Absolument. La new wave en tant que genre musical axé sur l’innovation, est bien une réaction au chaos du punk et à l’ennui du rock progressif ou de la pop formatée. Pour moi la new wave est une forme plus électronique et expérimentale issue du post-punk qui, dans sa partie la plus électronique, a conduit à un changement de format musical du mainstream des années 1980. La new wave a apporté une nouvelle esthétique, autant dans l’instrumentation musicale, que dans le performatif, la mode, le visuel, les fringues, c’est un mouvement à part entière qui s’est scindé en de multiples ramifications, toutes aussi pertinentes les unes que les autres. J’englobe dans le mouvement new wave initial des genres comme la cold wave, la batcave, le rock gothique, l’EBM, le new beat ou les trucs plus heavenly voices. C’est un mouvement d’une telle richesse…
Je devais avoir treize ou quatorze ans quand j’ai acheté mes premiers 45 tours de groupes new wave au tout début des années 1980. Je faisais des tas de copies de cassettes pour mes copines de lycée, les filles adoraient qu’on leur fasse de belles compilations cassettes au design soigné (rire). Au lycée, dès ma première en cursus de Lettres et Arts Plastiques, je devais être l’un des seuls mâles de la classe, une position enviée à une époque de l’existence où l’on découvre le sexe et la séduction. De ce fait, avant mes dix-huit ans, je n’avais que des fréquentations féminines, et mon goût pour la musique est à mettre en parallèle au plaisir des belles choses que je partageais avec mes copines d’adolescence. La new wave c’est un truc d’esthètes, les camarades masculins de mon lycée dans les années 1983-1986 étaient pour la plupart fans de hard rock ou de U2, et ils ne pouvaient pas comprendre nos looks et les trucs électroniques que nous écoutions, ils nous prenaient pour des homos.

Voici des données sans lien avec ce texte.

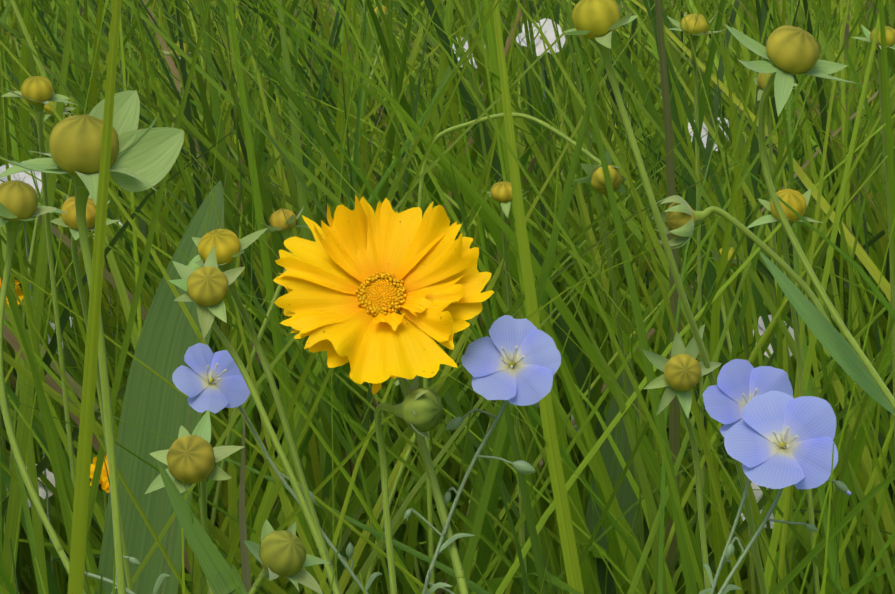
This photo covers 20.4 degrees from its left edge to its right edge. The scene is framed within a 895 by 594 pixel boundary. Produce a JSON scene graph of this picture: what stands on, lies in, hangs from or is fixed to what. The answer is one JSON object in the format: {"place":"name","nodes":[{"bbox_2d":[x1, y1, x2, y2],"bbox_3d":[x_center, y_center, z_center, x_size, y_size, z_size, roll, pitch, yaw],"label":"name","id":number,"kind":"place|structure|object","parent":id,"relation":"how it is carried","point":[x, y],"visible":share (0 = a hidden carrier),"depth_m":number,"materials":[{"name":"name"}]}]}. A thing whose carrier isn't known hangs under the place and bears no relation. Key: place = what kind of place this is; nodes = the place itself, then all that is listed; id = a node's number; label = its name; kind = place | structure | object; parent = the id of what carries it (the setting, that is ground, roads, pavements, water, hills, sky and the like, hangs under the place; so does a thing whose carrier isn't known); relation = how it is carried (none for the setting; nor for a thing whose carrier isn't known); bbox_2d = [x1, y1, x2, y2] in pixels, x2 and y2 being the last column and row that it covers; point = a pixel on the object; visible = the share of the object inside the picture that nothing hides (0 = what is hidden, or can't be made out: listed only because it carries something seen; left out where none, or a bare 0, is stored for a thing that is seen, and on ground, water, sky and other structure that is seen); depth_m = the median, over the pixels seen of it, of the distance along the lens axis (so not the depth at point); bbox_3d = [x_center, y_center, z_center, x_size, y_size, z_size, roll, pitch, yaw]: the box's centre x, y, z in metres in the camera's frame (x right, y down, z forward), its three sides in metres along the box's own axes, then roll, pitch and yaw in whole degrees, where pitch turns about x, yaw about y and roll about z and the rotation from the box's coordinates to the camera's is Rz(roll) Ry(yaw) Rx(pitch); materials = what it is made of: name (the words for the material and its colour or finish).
{"place":"outdoors","nodes":[
{"label":"outdoors","id":0,"kind":"place"},
{"bbox_2d":[0,0,894,593],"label":"meadow grass","id":1,"kind":"structure","parent":0,"point":[280,106],"depth_m":1.23,"materials":[{"name":"green plant"}]},
{"label":"ground","id":2,"kind":"structure","parent":0,"visible":0},
{"bbox_2d":[0,180,85,593],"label":"flower bud","id":3,"kind":"object","parent":2,"relation":"on","point":[18,203],"visible":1,"depth_m":0.69,"materials":[{"name":"green plant"}]},
{"bbox_2d":[1,76,87,593],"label":"flower bud","id":4,"kind":"object","parent":2,"relation":"on","point":[36,93],"visible":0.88,"depth_m":0.92,"materials":[{"name":"green plant"}]},
{"bbox_2d":[0,278,109,516],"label":"coreopsis","id":5,"kind":"object","parent":2,"relation":"on","point":[104,483],"visible":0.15,"depth_m":1.12,"materials":[{"name":"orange plant"}]},
{"bbox_2d":[0,114,157,593],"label":"flower bud","id":6,"kind":"object","parent":2,"relation":"on","point":[75,146],"visible":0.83,"depth_m":0.54,"materials":[{"name":"green plant"}]},
{"bbox_2d":[50,195,133,591],"bbox_3d":[-0.104,0.181,0.882,0.022,0.458,0.106,3,12,16],"label":"flower bud","id":7,"kind":"object","parent":2,"relation":"on","point":[69,219],"visible":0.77,"depth_m":0.80,"materials":[{"name":"green plant"}]},
{"bbox_2d":[84,556,169,593],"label":"flax plant","id":8,"kind":"object","parent":2,"relation":"on","point":[135,561],"visible":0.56,"depth_m":0.68,"materials":[{"name":"green plant"}]},
{"bbox_2d":[145,410,244,593],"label":"flower bud","id":9,"kind":"object","parent":2,"relation":"on","point":[189,459],"visible":0.9,"depth_m":0.68,"materials":[{"name":"green plant"}]},
{"bbox_2d":[168,246,339,593],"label":"flower bud","id":10,"kind":"object","parent":2,"relation":"on","point":[206,285],"visible":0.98,"depth_m":0.70,"materials":[{"name":"green plant"}]},
{"bbox_2d":[188,228,340,593],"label":"flower bud","id":11,"kind":"object","parent":2,"relation":"on","point":[229,245],"visible":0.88,"depth_m":0.73,"materials":[{"name":"green plant"}]},
{"bbox_2d":[172,343,381,593],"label":"flax plant","id":12,"kind":"object","parent":2,"relation":"on","point":[212,382],"visible":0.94,"depth_m":0.77,"materials":[{"name":"blue plant"}]},
{"bbox_2d":[244,519,328,593],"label":"flower bud","id":13,"kind":"object","parent":2,"relation":"on","point":[280,554],"visible":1,"depth_m":0.67,"materials":[{"name":"green plant"}]},
{"bbox_2d":[4,5,754,593],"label":"stems","id":14,"kind":"object","parent":2,"relation":"on","point":[278,223],"visible":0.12,"depth_m":1.22,"materials":[{"name":"green plant"}]},
{"bbox_2d":[273,194,493,593],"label":"yellow flower","id":15,"kind":"object","parent":2,"relation":"on","point":[358,279],"visible":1,"depth_m":0.69,"materials":[{"name":"yellow plant"}]},
{"bbox_2d":[0,18,794,574],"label":"flowers","id":16,"kind":"object","parent":2,"relation":"on","point":[540,50],"visible":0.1,"depth_m":1.40,"materials":[{"name":"white plant"}]},
{"bbox_2d":[374,375,443,593],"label":"flower bud","id":17,"kind":"object","parent":2,"relation":"on","point":[418,410],"visible":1,"depth_m":0.68,"materials":[{"name":"green plant"}]},
{"bbox_2d":[404,315,560,593],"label":"flax plant","id":18,"kind":"object","parent":2,"relation":"on","point":[511,360],"visible":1,"depth_m":0.69,"materials":[{"name":"blue plant"}]},
{"bbox_2d":[88,90,894,593],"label":"leaves","id":19,"kind":"object","parent":2,"relation":"on","point":[166,340],"visible":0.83,"depth_m":0.99,"materials":[{"name":"green plant"}]},
{"bbox_2d":[484,181,527,593],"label":"flower bud","id":20,"kind":"object","parent":2,"relation":"on","point":[501,192],"visible":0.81,"depth_m":1.05,"materials":[{"name":"green plant"}]},
{"bbox_2d":[418,112,627,592],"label":"flower bud","id":21,"kind":"object","parent":2,"relation":"on","point":[616,177],"visible":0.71,"depth_m":0.98,"materials":[{"name":"green plant"}]},
{"bbox_2d":[564,0,766,593],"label":"flower bud","id":22,"kind":"object","parent":2,"relation":"on","point":[598,23],"visible":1,"depth_m":0.70,"materials":[{"name":"green plant"}]},
{"bbox_2d":[642,324,721,593],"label":"flower bud","id":23,"kind":"object","parent":2,"relation":"on","point":[683,369],"visible":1,"depth_m":0.73,"materials":[{"name":"green plant"}]},
{"bbox_2d":[667,11,725,524],"bbox_3d":[0.119,0.098,1.216,0.028,0.483,0.082,2,12,9],"label":"flower bud","id":24,"kind":"object","parent":2,"relation":"on","point":[701,27],"visible":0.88,"depth_m":1.16,"materials":[{"name":"green plant"}]},
{"bbox_2d":[651,195,894,418],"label":"flower bud","id":25,"kind":"object","parent":2,"relation":"on","point":[681,217],"visible":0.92,"depth_m":0.72,"materials":[{"name":"green plant"}]},
{"bbox_2d":[699,359,850,593],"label":"flax plant","id":26,"kind":"object","parent":2,"relation":"on","point":[775,433],"visible":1,"depth_m":0.69,"materials":[{"name":"blue plant"}]},
{"bbox_2d":[754,73,797,339],"bbox_3d":[0.181,0.092,1.337,0.024,0.445,0.138,4,13,18],"label":"flower bud","id":27,"kind":"object","parent":2,"relation":"on","point":[759,81],"visible":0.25,"depth_m":1.25,"materials":[{"name":"green plant"}]},
{"bbox_2d":[747,188,821,593],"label":"flower bud","id":28,"kind":"object","parent":2,"relation":"on","point":[797,201],"visible":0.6,"depth_m":0.91,"materials":[{"name":"green plant"}]},
{"bbox_2d":[724,24,894,410],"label":"flower bud","id":29,"kind":"object","parent":2,"relation":"on","point":[789,51],"visible":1,"depth_m":0.68,"materials":[{"name":"green plant"}]},
{"bbox_2d":[851,24,894,449],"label":"flower bud","id":30,"kind":"object","parent":2,"relation":"on","point":[890,36],"visible":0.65,"depth_m":1.01,"materials":[{"name":"green plant"}]}
]}

Adolescent je faisais des petits boulots l’été pour me payer des vinyles, et très vite je me suis retrouvé avec une belle collection de singles, de maxis et de 33 tours, de tout ce qui se faisait de mieux dans le genre en imports anglais achetés à l’époque à Avignon. Durant cette décennie-là, je me suis construit un univers esthétique et musical très personnel, en allant à des tas de concerts (mon premier fut The Cure à Orange en août 1986), et surtout en mixant aux platines de La Guinguette Du Rock chaque fin de semaine devant un parterre de goths de la première heure, et de punks.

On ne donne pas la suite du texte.